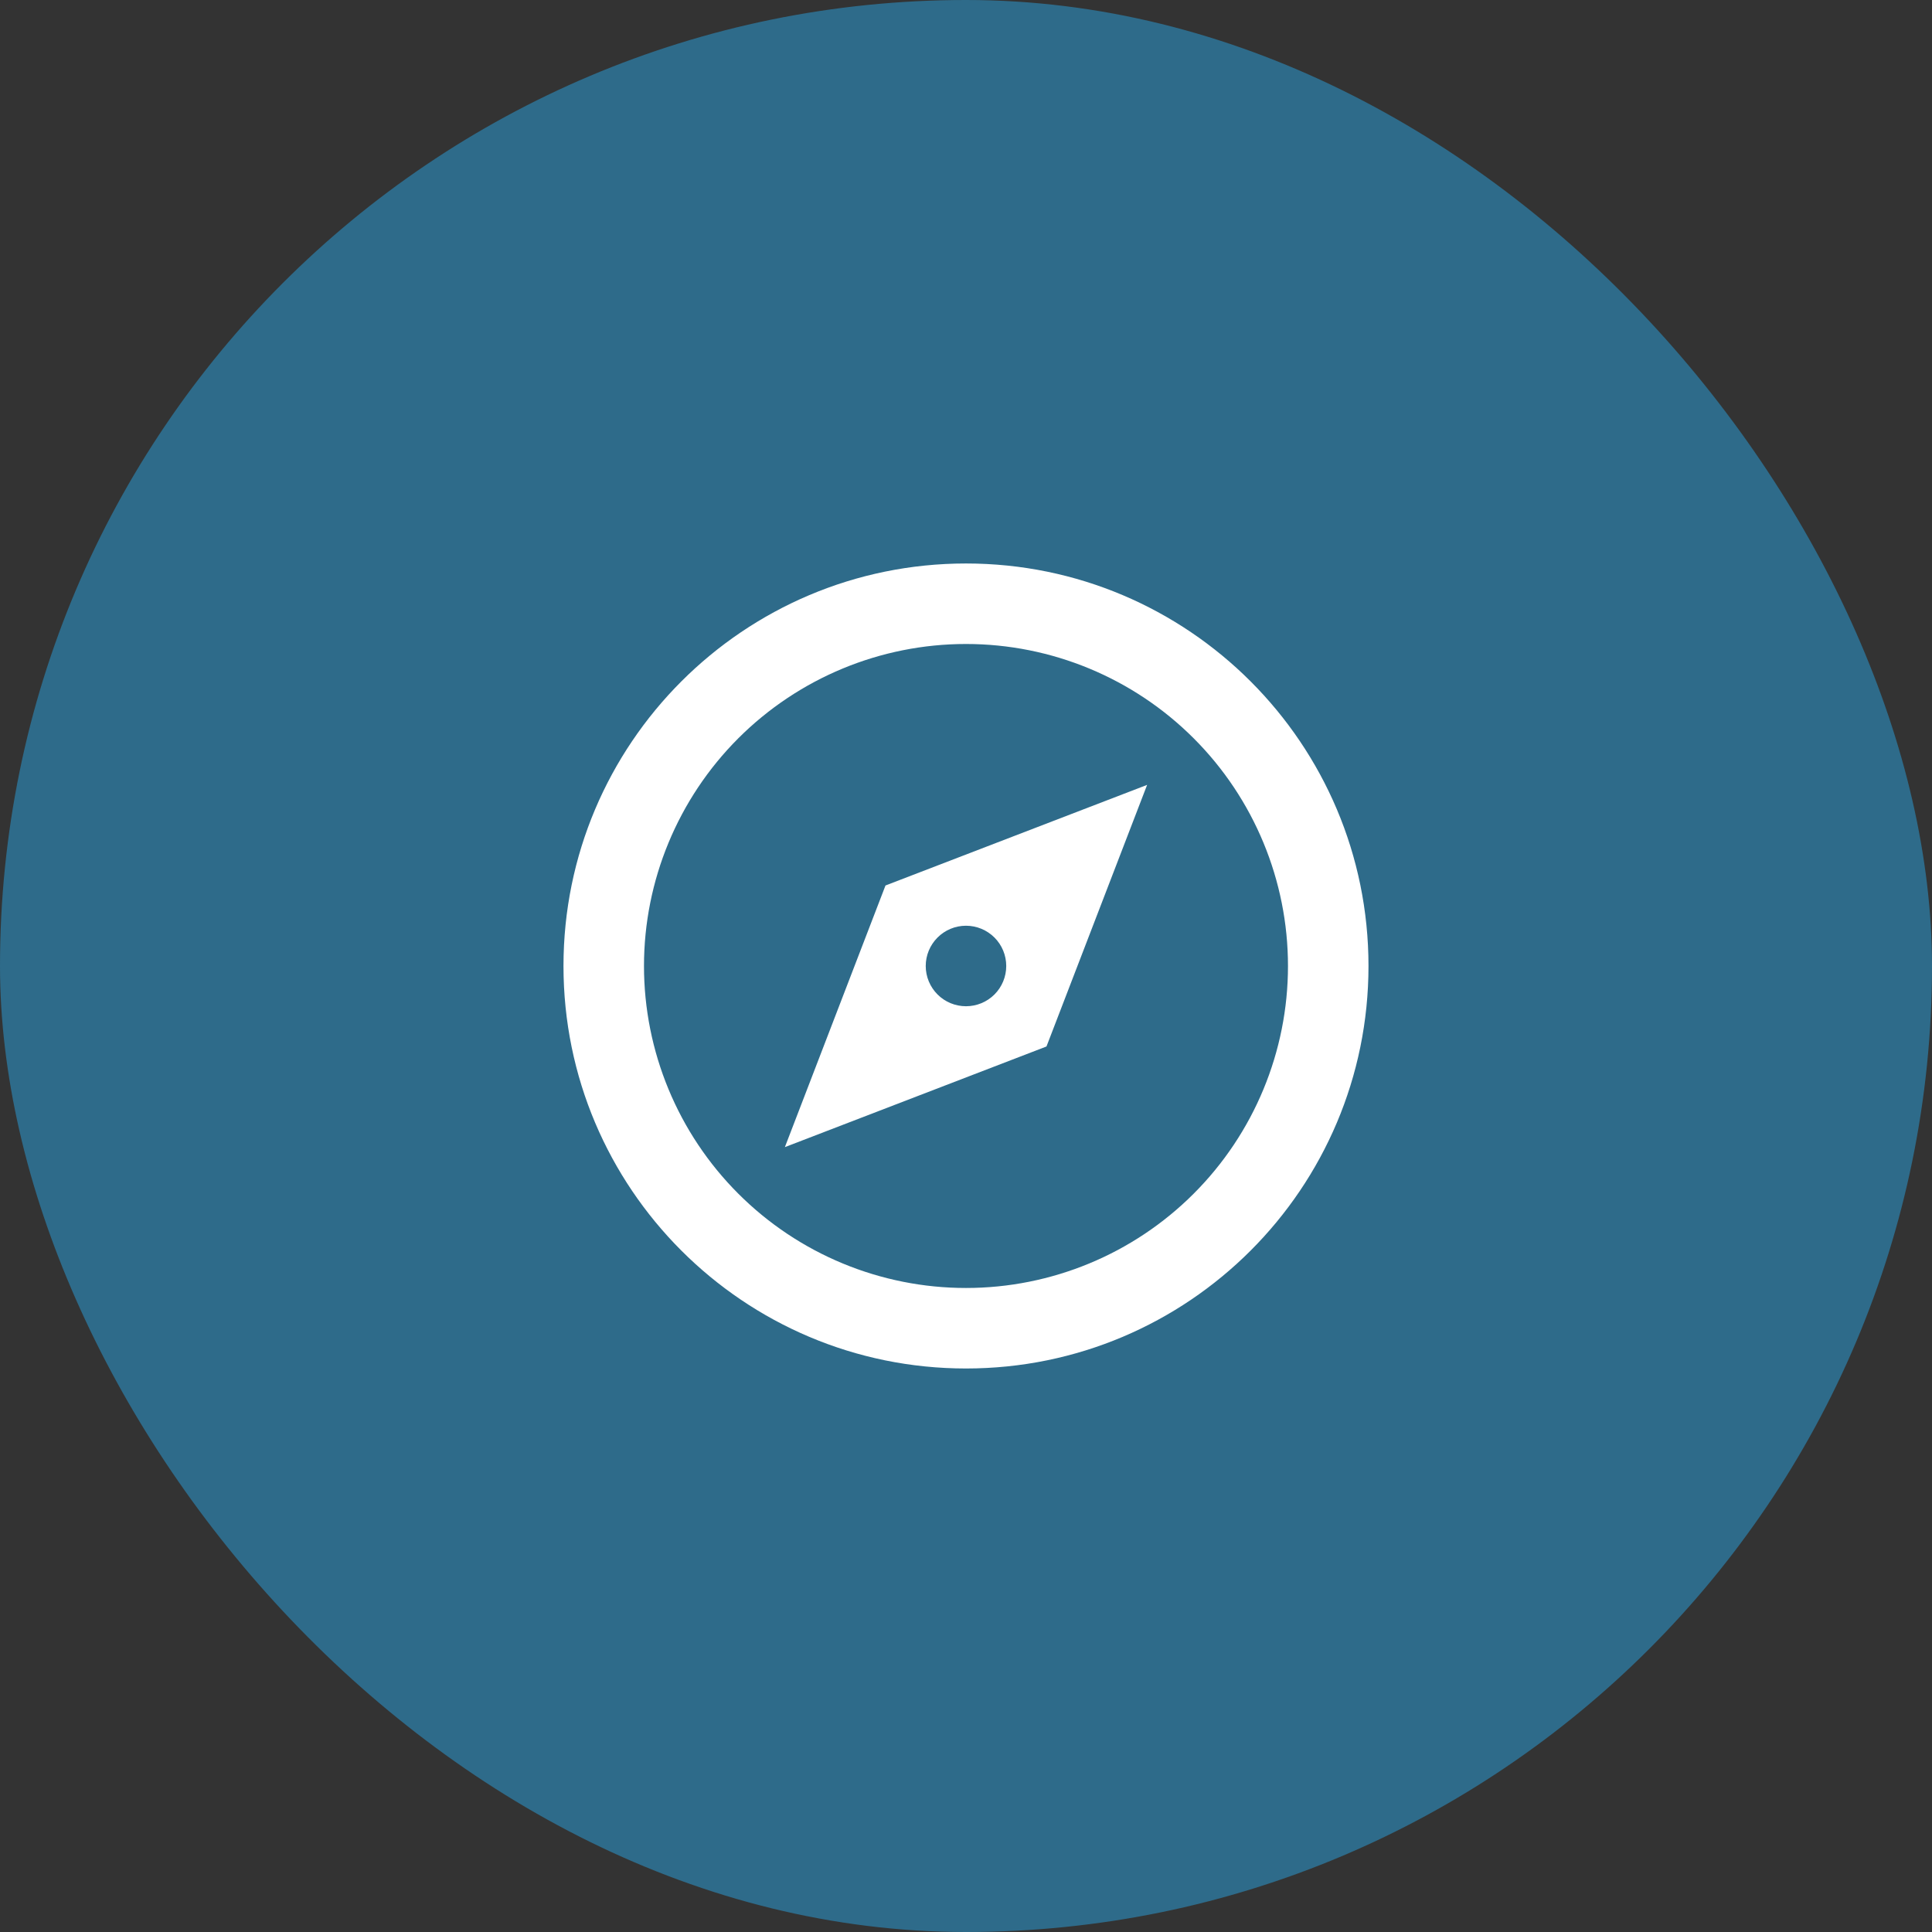<svg width="64" height="64" viewBox="0 0 64 64" fill="none" xmlns="http://www.w3.org/2000/svg">
<rect x="0" y="0" width="64" height="64" fill="#333333" stroke="none"/>
<rect width="64" height="64" rx="32" fill="#2E6B8A"/>
<g clip-path="url(#clip0_1220_4656)">
<path d="M32 45.333C24.636 45.333 18.666 39.364 18.666 32C18.666 24.636 24.636 18.666 32 18.666C39.364 18.666 45.333 24.636 45.333 32C45.333 39.364 39.364 45.333 32 45.333ZM32 42.666C34.829 42.666 37.542 41.543 39.542 39.542C41.543 37.542 42.666 34.829 42.666 32C42.666 29.171 41.543 26.458 39.542 24.457C37.542 22.457 34.829 21.333 32 21.333C29.171 21.333 26.458 22.457 24.457 24.457C22.457 26.458 21.333 29.171 21.333 32C21.333 34.829 22.457 37.542 24.457 39.542C26.458 41.543 29.171 42.666 32 42.666ZM38 26L34.666 34.666L26 38L29.333 29.333L38 26ZM32 33.333C32.353 33.333 32.693 33.193 32.943 32.943C33.193 32.693 33.333 32.353 33.333 32C33.333 31.646 33.193 31.307 32.943 31.057C32.693 30.807 32.353 30.666 32 30.666C31.646 30.666 31.307 30.807 31.057 31.057C30.807 31.307 30.666 31.646 30.666 32C30.666 32.353 30.807 32.693 31.057 32.943C31.307 33.193 31.646 33.333 32 33.333Z" fill="white"/>
</g>
<defs>
<clipPath id="clip0_1220_4656">
<rect width="32" height="32" fill="white" transform="translate(16 16)"/>
</clipPath>
</defs>
</svg>

****************************************

Task directions: The whole listing should be reproduced exactly. Images don't go in.

Task response:
<svg width="64" height="64" viewBox="0 0 64 64" fill="none" xmlns="http://www.w3.org/2000/svg">
<rect x="0" y="0" width="64" height="64" fill="#333333" stroke="none"/>
<rect width="64" height="64" rx="32" fill="#2E6B8A"/>
<g clip-path="url(#clip0_1220_4656)">
<path d="M32 45.333C24.636 45.333 18.666 39.364 18.666 32C18.666 24.636 24.636 18.666 32 18.666C39.364 18.666 45.333 24.636 45.333 32C45.333 39.364 39.364 45.333 32 45.333ZM32 42.666C34.829 42.666 37.542 41.543 39.542 39.542C41.543 37.542 42.666 34.829 42.666 32C42.666 29.171 41.543 26.458 39.542 24.457C37.542 22.457 34.829 21.333 32 21.333C29.171 21.333 26.458 22.457 24.457 24.457C22.457 26.458 21.333 29.171 21.333 32C21.333 34.829 22.457 37.542 24.457 39.542C26.458 41.543 29.171 42.666 32 42.666ZM38 26L34.666 34.666L26 38L29.333 29.333L38 26ZM32 33.333C32.353 33.333 32.693 33.193 32.943 32.943C33.193 32.693 33.333 32.353 33.333 32C33.333 31.646 33.193 31.307 32.943 31.057C32.693 30.807 32.353 30.666 32 30.666C31.646 30.666 31.307 30.807 31.057 31.057C30.807 31.307 30.666 31.646 30.666 32C30.666 32.353 30.807 32.693 31.057 32.943C31.307 33.193 31.646 33.333 32 33.333Z" fill="white"/>
</g>
<defs>
<clipPath id="clip0_1220_4656">
<rect width="32" height="32" fill="white" transform="translate(16 16)"/>
</clipPath>
</defs>
</svg>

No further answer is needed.